▸ **INFORMATION GIVEN**:

━━━━━━━━

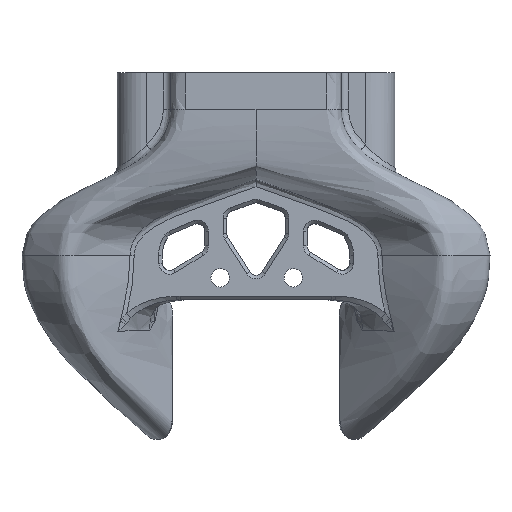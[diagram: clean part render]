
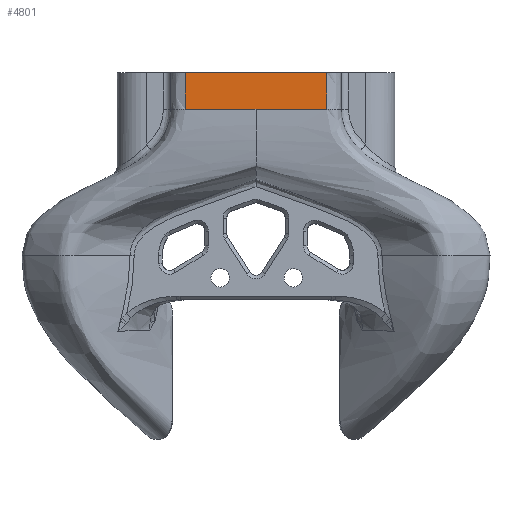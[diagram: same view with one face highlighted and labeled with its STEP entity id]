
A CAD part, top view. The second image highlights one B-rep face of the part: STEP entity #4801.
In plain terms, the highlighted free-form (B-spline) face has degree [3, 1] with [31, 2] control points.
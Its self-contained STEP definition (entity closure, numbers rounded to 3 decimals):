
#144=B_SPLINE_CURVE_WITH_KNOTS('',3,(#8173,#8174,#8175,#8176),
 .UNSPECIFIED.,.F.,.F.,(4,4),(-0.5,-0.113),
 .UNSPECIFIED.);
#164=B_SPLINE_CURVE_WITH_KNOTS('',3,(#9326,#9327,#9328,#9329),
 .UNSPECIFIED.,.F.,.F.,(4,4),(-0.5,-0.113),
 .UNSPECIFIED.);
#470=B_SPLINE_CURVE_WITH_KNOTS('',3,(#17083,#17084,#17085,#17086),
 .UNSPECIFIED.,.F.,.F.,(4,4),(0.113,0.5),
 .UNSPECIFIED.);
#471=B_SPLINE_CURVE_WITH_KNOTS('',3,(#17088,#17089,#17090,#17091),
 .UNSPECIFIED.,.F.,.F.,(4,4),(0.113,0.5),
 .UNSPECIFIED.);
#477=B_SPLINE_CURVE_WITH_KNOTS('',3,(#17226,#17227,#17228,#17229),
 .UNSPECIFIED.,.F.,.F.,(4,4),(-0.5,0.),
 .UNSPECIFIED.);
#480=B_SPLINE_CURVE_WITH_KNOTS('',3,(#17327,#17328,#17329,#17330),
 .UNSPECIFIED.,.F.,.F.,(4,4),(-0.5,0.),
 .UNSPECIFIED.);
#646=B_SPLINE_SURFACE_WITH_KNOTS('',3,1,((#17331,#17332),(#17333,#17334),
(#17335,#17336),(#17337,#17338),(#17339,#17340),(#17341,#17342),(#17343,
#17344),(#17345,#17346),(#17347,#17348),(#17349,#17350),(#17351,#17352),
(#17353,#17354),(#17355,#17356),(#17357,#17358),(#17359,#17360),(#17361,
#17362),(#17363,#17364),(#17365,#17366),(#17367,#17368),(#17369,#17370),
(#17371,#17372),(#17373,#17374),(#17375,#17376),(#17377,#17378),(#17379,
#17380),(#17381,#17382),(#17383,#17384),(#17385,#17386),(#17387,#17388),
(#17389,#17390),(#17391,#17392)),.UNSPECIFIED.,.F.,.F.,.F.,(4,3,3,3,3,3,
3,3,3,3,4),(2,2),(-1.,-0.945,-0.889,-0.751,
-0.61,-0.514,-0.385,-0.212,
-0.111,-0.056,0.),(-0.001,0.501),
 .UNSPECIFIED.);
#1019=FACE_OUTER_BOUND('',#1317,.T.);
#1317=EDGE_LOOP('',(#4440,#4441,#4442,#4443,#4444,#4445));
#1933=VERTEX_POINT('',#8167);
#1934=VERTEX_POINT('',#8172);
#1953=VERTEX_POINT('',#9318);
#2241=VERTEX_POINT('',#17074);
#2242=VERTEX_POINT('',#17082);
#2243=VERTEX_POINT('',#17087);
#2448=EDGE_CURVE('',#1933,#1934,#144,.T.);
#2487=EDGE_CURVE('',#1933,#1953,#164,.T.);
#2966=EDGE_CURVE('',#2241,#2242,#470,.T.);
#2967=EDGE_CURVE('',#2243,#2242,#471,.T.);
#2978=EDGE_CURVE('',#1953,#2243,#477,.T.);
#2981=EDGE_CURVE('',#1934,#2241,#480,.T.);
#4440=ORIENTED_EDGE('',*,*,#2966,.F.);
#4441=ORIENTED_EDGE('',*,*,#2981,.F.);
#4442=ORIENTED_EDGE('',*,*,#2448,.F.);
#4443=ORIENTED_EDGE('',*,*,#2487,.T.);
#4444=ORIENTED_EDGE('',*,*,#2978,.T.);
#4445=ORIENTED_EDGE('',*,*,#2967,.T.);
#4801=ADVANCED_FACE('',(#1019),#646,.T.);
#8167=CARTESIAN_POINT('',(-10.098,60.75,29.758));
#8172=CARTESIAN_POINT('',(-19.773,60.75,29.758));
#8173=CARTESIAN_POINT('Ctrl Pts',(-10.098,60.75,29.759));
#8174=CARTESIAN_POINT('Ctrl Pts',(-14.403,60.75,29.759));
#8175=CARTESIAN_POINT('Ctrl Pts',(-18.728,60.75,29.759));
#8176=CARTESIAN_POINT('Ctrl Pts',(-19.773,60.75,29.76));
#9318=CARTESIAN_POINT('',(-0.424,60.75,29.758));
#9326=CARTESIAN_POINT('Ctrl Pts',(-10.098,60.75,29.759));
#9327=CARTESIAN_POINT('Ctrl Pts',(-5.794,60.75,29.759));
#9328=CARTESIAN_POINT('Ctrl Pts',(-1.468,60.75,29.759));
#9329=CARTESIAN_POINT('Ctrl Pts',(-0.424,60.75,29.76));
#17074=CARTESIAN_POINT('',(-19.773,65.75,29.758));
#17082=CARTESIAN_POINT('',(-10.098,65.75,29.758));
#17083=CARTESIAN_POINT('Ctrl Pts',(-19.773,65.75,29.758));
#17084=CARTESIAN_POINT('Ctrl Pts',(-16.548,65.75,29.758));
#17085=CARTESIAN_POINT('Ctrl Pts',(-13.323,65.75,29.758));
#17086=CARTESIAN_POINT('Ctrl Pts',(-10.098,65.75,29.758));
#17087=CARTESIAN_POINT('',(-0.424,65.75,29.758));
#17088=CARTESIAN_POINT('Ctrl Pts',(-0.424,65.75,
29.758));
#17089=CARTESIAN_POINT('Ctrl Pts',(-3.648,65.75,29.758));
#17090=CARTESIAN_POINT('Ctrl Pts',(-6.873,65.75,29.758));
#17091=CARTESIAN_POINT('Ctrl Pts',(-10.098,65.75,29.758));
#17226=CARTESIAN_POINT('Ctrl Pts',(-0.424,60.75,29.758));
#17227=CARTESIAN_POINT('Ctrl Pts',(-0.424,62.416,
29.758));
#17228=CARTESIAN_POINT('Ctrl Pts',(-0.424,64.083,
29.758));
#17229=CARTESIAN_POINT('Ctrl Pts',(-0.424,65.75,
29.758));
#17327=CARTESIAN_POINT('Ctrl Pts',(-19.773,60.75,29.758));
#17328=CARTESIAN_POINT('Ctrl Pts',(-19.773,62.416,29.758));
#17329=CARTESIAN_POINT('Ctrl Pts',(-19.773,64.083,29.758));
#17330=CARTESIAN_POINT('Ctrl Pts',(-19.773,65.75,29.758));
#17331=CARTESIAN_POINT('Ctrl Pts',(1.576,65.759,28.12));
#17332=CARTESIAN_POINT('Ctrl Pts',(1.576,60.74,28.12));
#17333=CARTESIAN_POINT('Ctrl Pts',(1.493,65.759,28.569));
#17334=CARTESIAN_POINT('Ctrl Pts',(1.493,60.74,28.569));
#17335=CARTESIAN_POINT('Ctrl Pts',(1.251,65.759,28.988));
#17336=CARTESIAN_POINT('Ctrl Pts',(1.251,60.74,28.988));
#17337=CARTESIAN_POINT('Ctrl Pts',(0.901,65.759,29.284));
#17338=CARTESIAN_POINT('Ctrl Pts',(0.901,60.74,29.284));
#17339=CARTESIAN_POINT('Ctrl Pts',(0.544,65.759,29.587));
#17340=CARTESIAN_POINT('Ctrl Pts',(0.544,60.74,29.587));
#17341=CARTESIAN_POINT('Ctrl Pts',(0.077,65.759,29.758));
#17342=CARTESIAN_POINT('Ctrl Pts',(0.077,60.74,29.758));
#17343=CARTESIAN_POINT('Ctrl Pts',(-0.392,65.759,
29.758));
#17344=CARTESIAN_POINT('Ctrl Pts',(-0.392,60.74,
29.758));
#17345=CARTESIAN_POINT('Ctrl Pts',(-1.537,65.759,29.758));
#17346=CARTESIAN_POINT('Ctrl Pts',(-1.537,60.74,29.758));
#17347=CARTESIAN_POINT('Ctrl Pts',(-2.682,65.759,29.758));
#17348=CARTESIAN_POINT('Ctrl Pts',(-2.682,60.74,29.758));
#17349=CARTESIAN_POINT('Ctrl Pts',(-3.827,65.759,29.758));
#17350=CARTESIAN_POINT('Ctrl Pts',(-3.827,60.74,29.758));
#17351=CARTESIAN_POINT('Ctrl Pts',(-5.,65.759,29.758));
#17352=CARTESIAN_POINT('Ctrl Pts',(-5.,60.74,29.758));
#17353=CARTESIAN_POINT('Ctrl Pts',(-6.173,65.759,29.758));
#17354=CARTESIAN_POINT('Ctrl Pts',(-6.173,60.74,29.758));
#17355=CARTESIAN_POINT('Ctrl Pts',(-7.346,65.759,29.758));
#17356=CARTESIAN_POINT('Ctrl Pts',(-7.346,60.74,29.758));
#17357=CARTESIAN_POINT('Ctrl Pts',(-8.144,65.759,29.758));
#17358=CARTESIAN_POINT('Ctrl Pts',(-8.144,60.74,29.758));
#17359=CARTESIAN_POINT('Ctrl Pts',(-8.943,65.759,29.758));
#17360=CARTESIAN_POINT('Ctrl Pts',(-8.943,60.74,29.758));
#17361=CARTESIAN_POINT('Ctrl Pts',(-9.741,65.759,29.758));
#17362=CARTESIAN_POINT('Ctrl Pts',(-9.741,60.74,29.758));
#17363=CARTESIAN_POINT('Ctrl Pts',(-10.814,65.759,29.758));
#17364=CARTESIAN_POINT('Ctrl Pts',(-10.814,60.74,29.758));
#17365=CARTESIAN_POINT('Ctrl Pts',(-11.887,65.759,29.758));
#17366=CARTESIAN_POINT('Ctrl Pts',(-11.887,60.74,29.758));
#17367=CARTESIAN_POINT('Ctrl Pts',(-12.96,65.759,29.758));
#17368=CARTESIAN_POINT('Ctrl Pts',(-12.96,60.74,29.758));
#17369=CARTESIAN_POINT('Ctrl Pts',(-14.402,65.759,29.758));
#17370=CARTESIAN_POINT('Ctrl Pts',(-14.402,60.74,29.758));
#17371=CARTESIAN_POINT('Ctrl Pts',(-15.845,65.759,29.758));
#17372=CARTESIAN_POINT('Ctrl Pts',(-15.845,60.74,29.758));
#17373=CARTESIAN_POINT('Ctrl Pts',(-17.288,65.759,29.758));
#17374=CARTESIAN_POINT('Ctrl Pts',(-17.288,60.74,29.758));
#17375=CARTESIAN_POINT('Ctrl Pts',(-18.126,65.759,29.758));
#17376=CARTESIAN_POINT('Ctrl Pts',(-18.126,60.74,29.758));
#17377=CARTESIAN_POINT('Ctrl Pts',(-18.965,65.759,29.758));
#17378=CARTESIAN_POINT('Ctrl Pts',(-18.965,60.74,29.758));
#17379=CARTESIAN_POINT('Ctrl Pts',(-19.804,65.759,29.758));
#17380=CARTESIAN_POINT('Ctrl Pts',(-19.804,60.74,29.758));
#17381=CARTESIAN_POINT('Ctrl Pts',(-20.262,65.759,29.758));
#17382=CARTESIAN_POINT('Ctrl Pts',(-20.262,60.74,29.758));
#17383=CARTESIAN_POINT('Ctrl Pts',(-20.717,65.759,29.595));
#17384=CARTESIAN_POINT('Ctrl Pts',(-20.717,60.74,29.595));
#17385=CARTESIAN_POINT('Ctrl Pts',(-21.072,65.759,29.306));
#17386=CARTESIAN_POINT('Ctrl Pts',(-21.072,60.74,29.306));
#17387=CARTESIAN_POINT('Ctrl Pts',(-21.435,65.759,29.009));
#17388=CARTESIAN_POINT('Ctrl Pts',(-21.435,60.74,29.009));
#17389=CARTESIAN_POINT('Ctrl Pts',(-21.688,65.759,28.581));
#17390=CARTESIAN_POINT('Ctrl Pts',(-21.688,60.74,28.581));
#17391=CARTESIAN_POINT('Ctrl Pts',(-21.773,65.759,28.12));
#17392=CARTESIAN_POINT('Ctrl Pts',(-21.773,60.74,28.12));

━━━━━━━━

▸ **AIM OF THE EXERCISE**: Word for word, restate the lines above from the line containing "#17374=CARTESIAN_POINT('Ctrl Pts',(-17.288,60.74,29.758));" through the line containing "#17387=CARTESIAN_POINT('Ctrl Pts',(-21.435,65.759,29.009));", with both included and nothing else.

▸ **TASK RESULT**:
#17374=CARTESIAN_POINT('Ctrl Pts',(-17.288,60.74,29.758));
#17375=CARTESIAN_POINT('Ctrl Pts',(-18.126,65.759,29.758));
#17376=CARTESIAN_POINT('Ctrl Pts',(-18.126,60.74,29.758));
#17377=CARTESIAN_POINT('Ctrl Pts',(-18.965,65.759,29.758));
#17378=CARTESIAN_POINT('Ctrl Pts',(-18.965,60.74,29.758));
#17379=CARTESIAN_POINT('Ctrl Pts',(-19.804,65.759,29.758));
#17380=CARTESIAN_POINT('Ctrl Pts',(-19.804,60.74,29.758));
#17381=CARTESIAN_POINT('Ctrl Pts',(-20.262,65.759,29.758));
#17382=CARTESIAN_POINT('Ctrl Pts',(-20.262,60.74,29.758));
#17383=CARTESIAN_POINT('Ctrl Pts',(-20.717,65.759,29.595));
#17384=CARTESIAN_POINT('Ctrl Pts',(-20.717,60.74,29.595));
#17385=CARTESIAN_POINT('Ctrl Pts',(-21.072,65.759,29.306));
#17386=CARTESIAN_POINT('Ctrl Pts',(-21.072,60.74,29.306));
#17387=CARTESIAN_POINT('Ctrl Pts',(-21.435,65.759,29.009));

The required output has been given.